As he ate he reviewed the conditions of the financial markets and scanned the stack of reports that had come in from all over the world during the night.

It appeared that he was thirty million dollars richer than when he’d gone to bed last night.

Finishing the reports as he drained the last drop of tea from his cup, Yoshihara left the dining pavilion to make his way through the gardens to the research center, stopping only once to remove a wilting orchid bloom that the Filipino gardeners had overlooked.

Entering the research pavilion through the main doors, he nodded to the guard as he passed the desk, pushed open the double doors leading to the south corridor, and strode quickly down the long passageway to the elevator at its far end. Pulling his wallet from his pocket, he passed it over a nondescript gray plate above the call button, and the red light at the top of the plate immediately blinked green. A moment later the door slid open. Yoshihara stepped into the car, and the door closed behind him.

Less than a minute later he was in the laboratory to which the large wooden crate had been delivered late last night. The crate, though, had long since been taken away, as had the remnants of dry ice in which the contents had been packed, and the plastic sheeting in which it had been wrapped.

Only the body itself remained, and it was all but unrecognizable.
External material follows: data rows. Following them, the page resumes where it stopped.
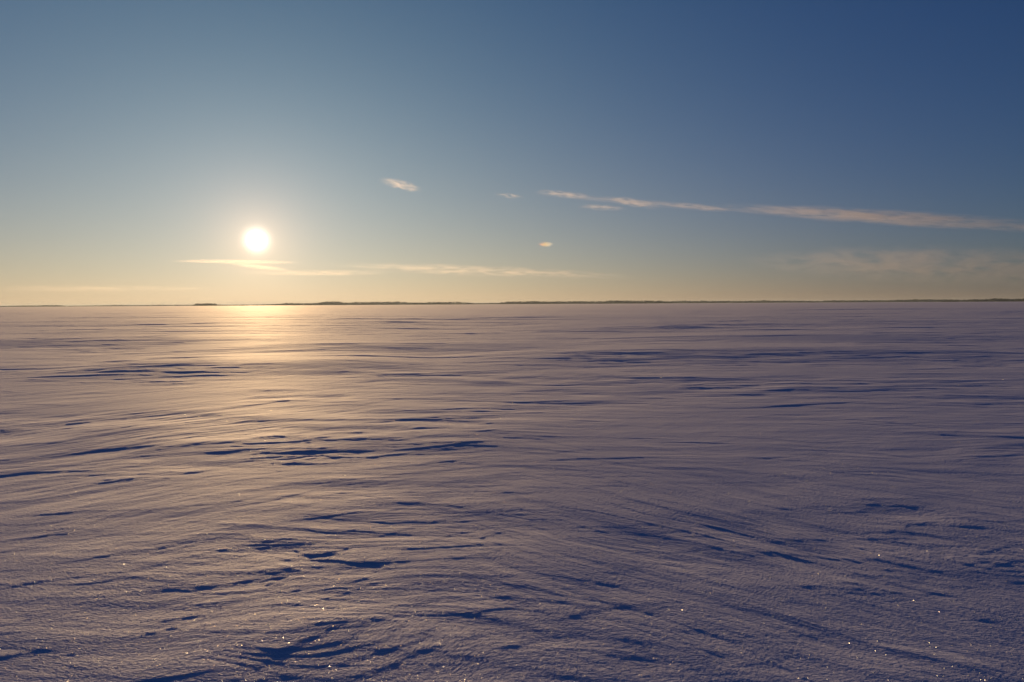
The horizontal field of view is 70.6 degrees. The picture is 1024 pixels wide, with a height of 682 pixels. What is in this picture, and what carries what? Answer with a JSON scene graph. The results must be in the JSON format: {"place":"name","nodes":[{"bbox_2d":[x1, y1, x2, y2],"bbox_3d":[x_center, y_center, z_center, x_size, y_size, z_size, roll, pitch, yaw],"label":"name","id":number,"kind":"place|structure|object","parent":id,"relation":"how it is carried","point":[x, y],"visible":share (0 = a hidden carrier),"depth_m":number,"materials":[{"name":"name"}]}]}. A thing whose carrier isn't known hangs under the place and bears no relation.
{"place":"outdoors","nodes":[
{"label":"outdoors","id":0,"kind":"place"},
{"bbox_2d":[11,306,74,306],"bbox_3d":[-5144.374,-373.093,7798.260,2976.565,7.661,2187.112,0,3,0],"label":"shore","id":1,"kind":"structure","parent":0,"point":[48,306],"depth_m":7788.90,"materials":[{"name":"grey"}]},
{"bbox_2d":[0,305,191,306],"bbox_3d":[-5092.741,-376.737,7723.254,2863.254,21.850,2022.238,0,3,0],"label":"forest","id":2,"kind":"object","parent":1,"relation":"on","point":[97,305],"visible":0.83,"depth_m":8098.88,"materials":[{"name":"plant"}]},
{"bbox_2d":[218,301,425,305],"bbox_3d":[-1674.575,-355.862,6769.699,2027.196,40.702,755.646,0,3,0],"label":"forest","id":3,"kind":"object","parent":0,"point":[352,303],"visible":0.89,"depth_m":6774.18,"materials":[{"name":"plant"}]},
{"bbox_2d":[0,302,1023,681],"bbox_3d":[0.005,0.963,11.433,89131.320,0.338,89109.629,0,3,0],"label":"snow ground","id":4,"kind":"structure","parent":0,"point":[120,364],"depth_m":6.38,"materials":[{"name":"white snow"}]},
{"bbox_2d":[0,346,1023,681],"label":"frost crystals","id":5,"kind":"object","parent":4,"relation":"on","point":[516,552],"visible":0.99,"depth_m":4.66,"materials":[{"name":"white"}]},
{"bbox_2d":[0,0,1023,306],"label":"sky","id":6,"kind":"structure","parent":0,"point":[153,152],"materials":[{"name":"blue"}]},
{"bbox_2d":[414,300,672,304],"bbox_3d":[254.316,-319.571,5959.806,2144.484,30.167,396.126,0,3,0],"label":"forest","id":7,"kind":"object","parent":0,"point":[580,302],"visible":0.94,"depth_m":5915.73,"materials":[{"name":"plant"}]},
{"bbox_2d":[669,299,958,302],"bbox_3d":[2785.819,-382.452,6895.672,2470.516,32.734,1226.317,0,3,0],"label":"forest","id":8,"kind":"object","parent":0,"point":[898,300],"visible":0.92,"depth_m":6888.31,"materials":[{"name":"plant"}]},
{"bbox_2d":[963,301,1023,301],"bbox_3d":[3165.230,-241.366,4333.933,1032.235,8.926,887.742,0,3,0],"label":"shore","id":9,"kind":"structure","parent":0,"point":[994,301],"depth_m":4332.47,"materials":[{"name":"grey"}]},
{"bbox_2d":[942,298,1023,301],"bbox_3d":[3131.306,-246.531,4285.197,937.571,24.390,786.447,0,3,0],"label":"forest","id":10,"kind":"object","parent":9,"relation":"on","point":[994,299],"visible":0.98,"depth_m":4395.51,"materials":[{"name":"plant"}]},
{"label":"shore","id":11,"kind":"structure","parent":0,"visible":0},
{"bbox_2d":[192,303,216,305],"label":"forest","id":12,"kind":"object","parent":11,"relation":"on","point":[203,304],"visible":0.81,"depth_m":6637.64,"materials":[{"name":"plant"}]}
]}

Stephen Jameson looked up as the laboratory door opened. Surprised to see his employer coming into the room, he glanced at the clock.

Nearly six-thirty.

Suddenly feeling the fatigue of the long night of dissection, Jameson took off his glasses, rubbed his eyes, and stretched.

Nodding a greeting to the doctor, Yoshihara stepped closer to the table and looked down at what was left of the body that he’d had removed from its grave and shipped to Maui. If the sight of the carnage caused Yoshihara any discomfort, he gave no outward sign.
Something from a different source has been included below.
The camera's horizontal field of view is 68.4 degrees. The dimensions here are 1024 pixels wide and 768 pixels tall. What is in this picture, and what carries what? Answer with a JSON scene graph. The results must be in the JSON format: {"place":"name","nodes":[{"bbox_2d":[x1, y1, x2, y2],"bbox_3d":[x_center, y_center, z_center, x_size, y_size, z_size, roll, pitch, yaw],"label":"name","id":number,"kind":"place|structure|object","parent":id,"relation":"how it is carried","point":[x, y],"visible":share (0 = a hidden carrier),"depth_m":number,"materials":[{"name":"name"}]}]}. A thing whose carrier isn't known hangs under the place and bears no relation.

The corpse had been laid open from the crotch to the neck, and what few organs still remained in the thoracic area lay in confused disorder, like the pieces of a quickly disassembled jigsaw puzzle. The rib cage had been split and spread wide to allow easy access to the lungs and heart — both of which were missing entirely — so all that now remained was a great yawning cavity that, since it was entirely free of blood, gave the body the odd appearance of never having been alive at all. Rather, the remains of the cadaver had an artificial and strangely impersonal look to them, as though what lay on the table had been sculpted of wax rather than flesh and blood.

Yet Yoshihara knew that such was not the case, for he himself had seen pictures of the boy taken only a few weeks ago. A white male, seventeen years old, he’d stood a little over six feet tall, with the broad shoulders and narrow hips of an athlete. In one of the photographs Yoshihara had seen, the boy was smiling broadly, showing perfect white teeth, deep dimples, and a slightly cleft chin. In combination with his blue eyes and blond hair, he’d been the perfect example of the California surfer.

Oddly, the boy’s good looks remained.

His blond hair, neatly combed and sprayed for his funeral, had been slightly mussed by the packaging, and before Yoshihara realized quite what he was doing, he found himself reaching out to smooth the stray locks back into place.

The pallor of death had been expertly covered with makeup, and the boy’s cheeks showed a rosy glow, as if he might wake up at any moment.

The cleft in his chin was as clear as it had been in the photo, though in the solemn expression of death, he showed no signs of his dimples.